Rep. Hill Questions Fed Chairman Jerome Powell on the U.S. Balance Sheet

Click on the picture above to watch Rep. Hill's questions from this week's hearing with Fed Chairman Powell.

 
WASHINGTON D.C. — This week, Congressman French Hill (AR-02) participated in a House Financial Services Committee hearing where he questioned Chairman of the Board of Governors of the Federal Reserve System, Jerome Powell, on the U.S. balance sheet, open banking in the United Kingdom, and the sale of mortgage-backed securities.


Key Excerpts:

Congressman Hill: We are delighted to have you and thank you for your steady hand at the Federal Reserve. We are grateful for your time answering our questions. I want to follow up on Mr. Barr's questioning on the balance sheet, looking for some detail with the normalization process. The balance sheet was down about $368 billion January to January, about a 9% reduction. If you think about the size of the economy, and your comments about the future balance sheet size, it occurred to me that at if the fed balance sheet was down 10% of GDP, so $2 trillion, as opposed to the 6% or 7% it was before the financial crisis, that at this rate it would take about five years to normalize in that range. As you begin to think about the balance sheet, that would be about 16 years after the financial crisis that the balance sheet would be normalized. If you look at the rolling off of the portfolio, what range of years do you think it would reach?
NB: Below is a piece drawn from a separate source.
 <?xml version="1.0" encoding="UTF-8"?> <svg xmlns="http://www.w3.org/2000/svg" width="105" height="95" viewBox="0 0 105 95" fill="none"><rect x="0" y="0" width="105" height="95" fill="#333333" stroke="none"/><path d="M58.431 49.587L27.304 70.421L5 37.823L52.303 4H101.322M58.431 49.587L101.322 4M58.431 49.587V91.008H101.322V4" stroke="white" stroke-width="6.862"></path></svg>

I am looking for a range of the denominator.

Chairman Powell: The level of demand for our liabilities, the reserve and currency, but also the treasury account, where the treasury keeps cash, and the designated financial market utilities, they keep their rainy-day cash there, the demand for those is so much higher that we are not far from the level of that demand. Our estimates of the demand, particularly for the reserves, has gone up a lot over the course of the last couple years. In terms of years, I think that we are going to be in a position where we can stop runoff later this year. We may be a bit above the equilibrium demand for reserves, but we are not looking to limit the growth of the other liabilities, because we think that they meet important demands from the public.

Congressman Hill: You are suggesting that sometime this year, on the asset side, you will stop letting securities roll off?

Chairman Powell: That is right. That will be about 16% to 17% of GDP, where it was 6% before. The difference is currency is a bigger part of it and the same thing with reserves.

Congressman Hill: When you look at the composition--I know you testified that you prefer a treasury only balance sheet, and you've heard discussions previously in this committee where we recognize in periods of crisis that the fed could take other assets, but many of us believe they should've swapped those back out at the treasury, so the central bank maintains only a treasury portfolio--do you still hold that view? And what are your views on Mr. Quarles comments last week that he would look at limited sales of the MBS portfolio?

Chairman Powell: We have said we want, primarily, a treasury balance sheet. We've also said we hold the possibility that at some point, this is not something decided or anything in the near term, we would do limited sales of MBS to hasten the process. We have a bunch of decisions to make on the balance sheet, and the one on MBS sales is closer to the back of the line. We will be working through that in a careful way. Markets are sensitive to this.

Congressman Hill: I know that the markets would connect with those sales. I would encourage that. I want to switch gears and talk about another U.K. issue that is not Brexit. That is the subject of open banking. The U.K.'s payment services directive, which is also termed informally as open banking, and I would like to get, if not your thoughts today, your thoughts in writing about the promise of open banking as it benefits more competition. This is where consumers have access to all their data with brokerage banking that they get to control. It's a way to have better data security and more consumer security. It has been required now of the major banks in the U.K. Are you familiar with that? 

Chairman Powell: I am not familiar with the U.K. aspect of it. I'm familiar with the fact it is a very interesting and important issue here.

Congressman Hill: As we look at FinTech in our markets and we look at ways to level the competitive playing field between the G-SIFI's and everybody else, I think this will be an important issue and I invite your comments in the future on that.